Die Prinzessin fuhr auf, öffnete die Augen. »Wo sind wir?« – »Es sieht aus wie Stolp oder Stargard – jedenfalls ist es etwas mit St«, sagte ich. – »Wie sieht es noch aus?« fragte sie. - »Es sieht aus«, sagte ich und blickte auf die Backsteinhäuschen und den trübsinnigen Bahnhof, »wie wenn hier die Unteroffiziere geboren werden, die ihre Mannschaften schinden. Möchtest du hier Mittag essen?« Die Prinzessin schloß sofort die Augen. »Lydia«, sagte ich, »wir können auch im Speisewagen essen, der Zug hat einen.« – »Nein«, sagte sie. »Im Speisewagen werden die Kellner immer von der Geschwindigkeit des Zuges angesteckt, und es geht alles so furchtbar eilig – ich habe aber einen langsamen Magen ...« – »Gut. Was liest du da übrigens, Alte?« – »Ich schlafe seit zwei Stunden auf einem mondänen Roman. Der einzige Körperteil, mit dem man ihn lesen kann...«, und dann machte sie die Augen wieder zu. Und wieder auf. »Guck eins ... die Frau da! Die is aber misogyn!« – »Was ist sie?« – »Misogyn ... heißt das nicht mickrig? Nein, das habe ich mit den Pygmäen verwechselt; das sind doch diese Leute, die auf Bäumen wohnen ... wie?« Und nach dieser Leistung entschlummerte sie aufs neue, und wir fuhren, lange, lange. Bis Warnemünde.
Da war der »Strom«. So heißt hier die Warne – war es die Warne? Peene, Swine, Dievenow... oder hieß der Fluß anders? Es stand nicht dran. Mit Karlchen und Jakopp hatte ich der Einfachheit halber erfunden, jeder Stadt den ihr zugehörigen Fluß zu geben: Gleiwitz an der Gleiwe, Bitterfeld an der Bitter und so fort.
Hier am Strom lagen lauter kleine Häuser, eins beinah wie das andre, windumweht und so gemütlich. Segelboote steckten ihre Masten in die graue Luft, und beladene Kähne ruhten faul im stillen Wasser. »Guck mal, Warnemünde!«
»Diß kenn ich scha denn nu doch wohl bißchen besser als du.
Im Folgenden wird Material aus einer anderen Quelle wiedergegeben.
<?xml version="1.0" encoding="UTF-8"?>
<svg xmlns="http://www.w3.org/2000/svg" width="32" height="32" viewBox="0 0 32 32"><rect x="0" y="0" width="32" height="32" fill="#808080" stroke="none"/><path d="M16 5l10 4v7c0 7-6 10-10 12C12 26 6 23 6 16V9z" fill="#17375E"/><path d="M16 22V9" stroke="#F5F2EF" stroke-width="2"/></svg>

Harre Gott, nein ... Da ische den Strom, da bin ich sozusagen an groß gieworn! Da wohnt scha Korl Düsig un min oll Wiesendörpsch, un in das nüdliche lütte Haus, da wohnt Tappsier Kroger, den sind solche netten Menschen, as es auf diese ausgeklürte Welt sons gah nich mehr gibt... Und das is Zenater Eggers sin Hus, Dree Linden. Un sieh mal: das alte Haus da mit den schönen Barockgiebel – da spückt es in!« – »Auf plattdeutsch?« fragte ich. – »Du büschan ganzen mongkanten Mann; meins, den Warnemünder Giespenster spüken auf hochdeutsch rum – nee, allens, was Recht is, Ordnung muß sein, auch inne vierte Dimenzion ...! Und ...« Rrrums – der Zug rangierte. Wir fielen aneinander. Und dann erzählte sie weiter und erklärte mir jedes Haus am Strom, soweit man sehen konnte.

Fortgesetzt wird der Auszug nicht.